Aim of the task
Once the pictures are set aside, print the records that follow exactly as written.
####################
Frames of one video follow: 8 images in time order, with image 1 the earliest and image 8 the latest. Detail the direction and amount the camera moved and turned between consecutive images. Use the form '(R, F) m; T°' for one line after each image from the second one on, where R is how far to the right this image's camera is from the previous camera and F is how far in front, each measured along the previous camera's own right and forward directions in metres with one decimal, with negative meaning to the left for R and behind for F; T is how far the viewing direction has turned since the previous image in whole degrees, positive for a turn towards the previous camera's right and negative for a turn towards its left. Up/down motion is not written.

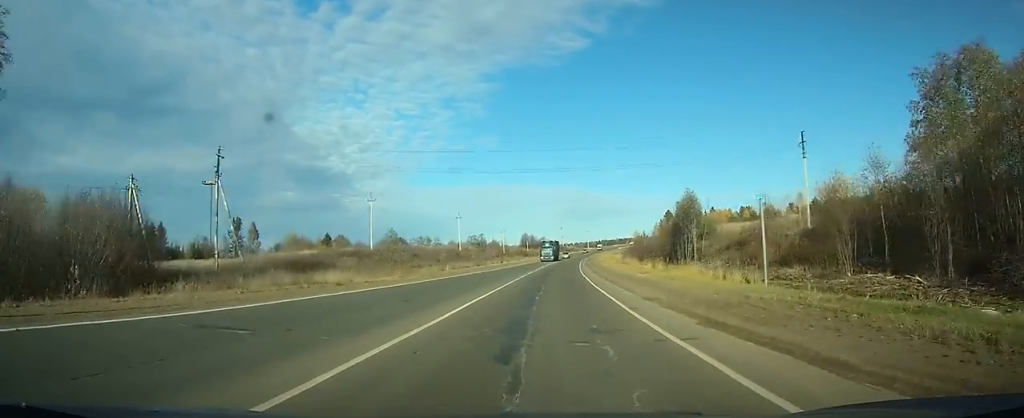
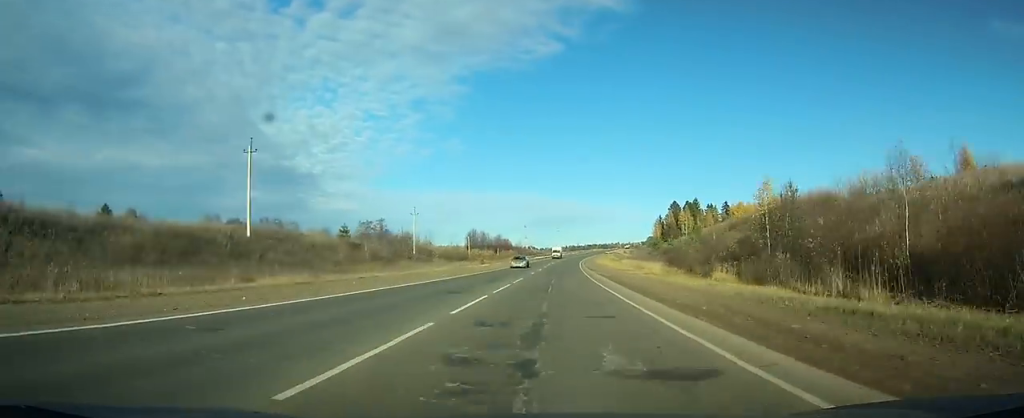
(+2.9, +95.2) m; +4°
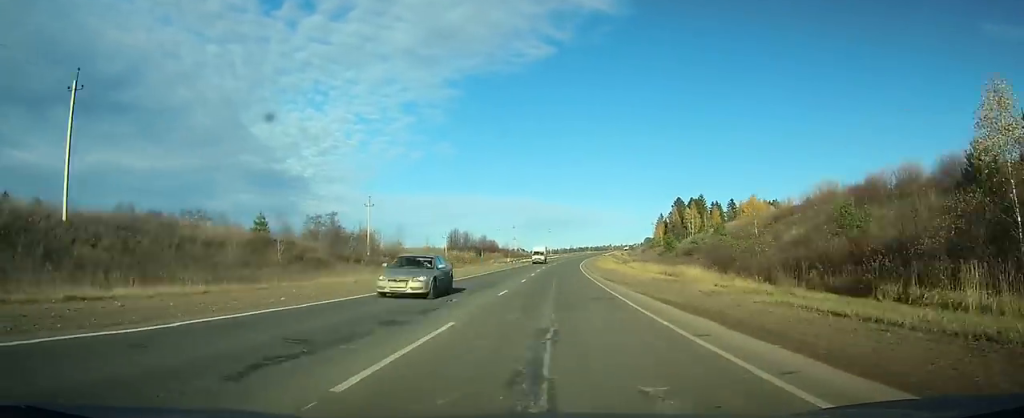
(0.0, +23.7) m; +1°
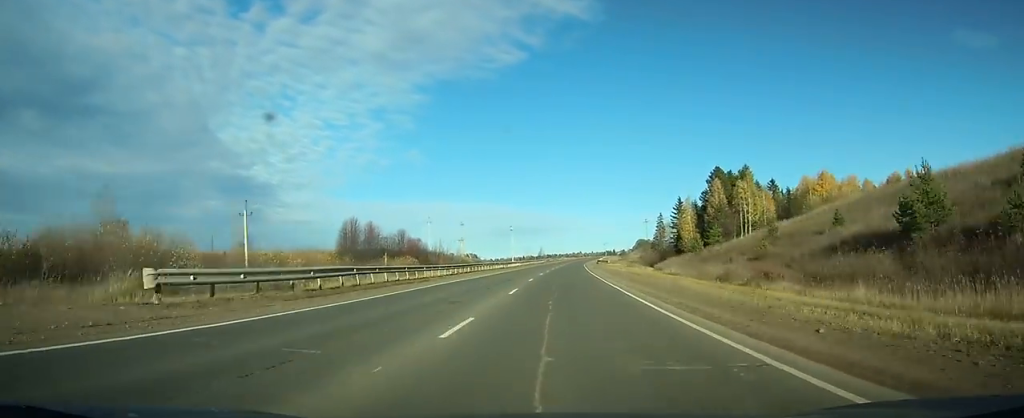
(+2.3, +83.4) m; +3°
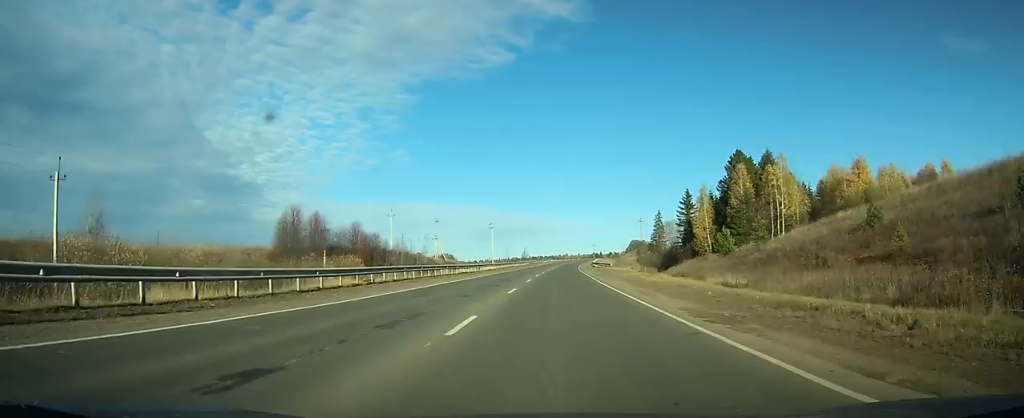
(-0.1, +23.6) m; +1°
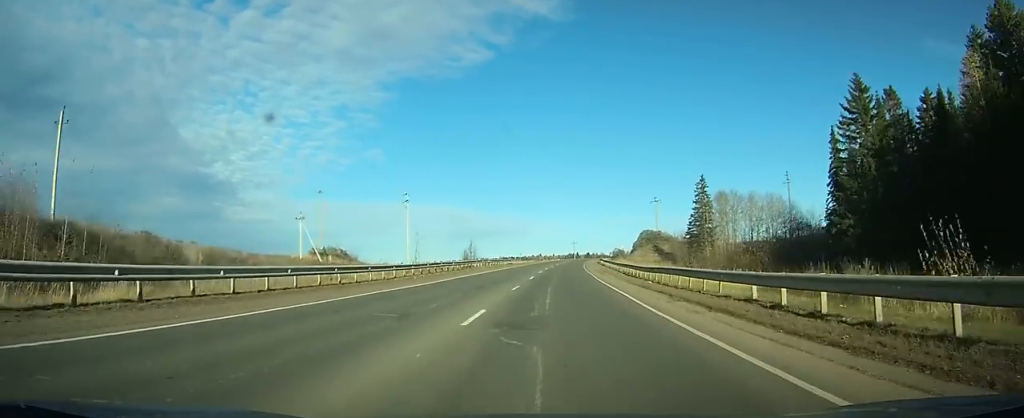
(+2.9, +85.7) m; +3°
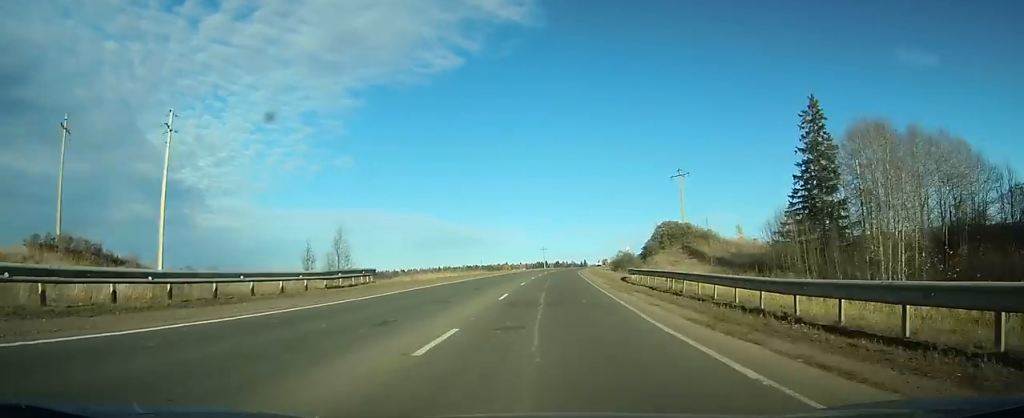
(+1.2, +62.4) m; +2°
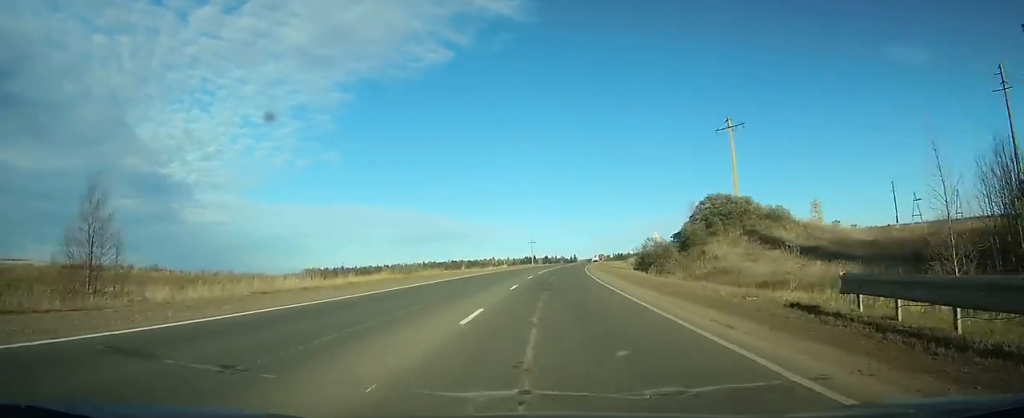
####################
Solution to this exercise
Frames of one video follow: 8 images in time order, with image 1 the earliest and image 8 the latest. Detail the direction and amount the camera moved and turned between consecutive images. Use the form '(R, F) m; T°' for one line after each image from the second one on, where R is how far to the right this image's camera is from the previous camera and F is how far in front, each measured along the previous camera's own right and forward directions in metres with one decimal, with negative meaning to the left for R and behind for F; T is how far the viewing direction has turned since the previous image in whole degrees, positive for a turn towards the previous camera's right and negative for a turn towards its left. Up/down motion is not written.

(+2.9, +95.2) m; +4°
(0.0, +23.7) m; +1°
(+2.3, +83.4) m; +3°
(-0.1, +23.6) m; +1°
(+2.9, +85.7) m; +3°
(+1.2, +62.4) m; +2°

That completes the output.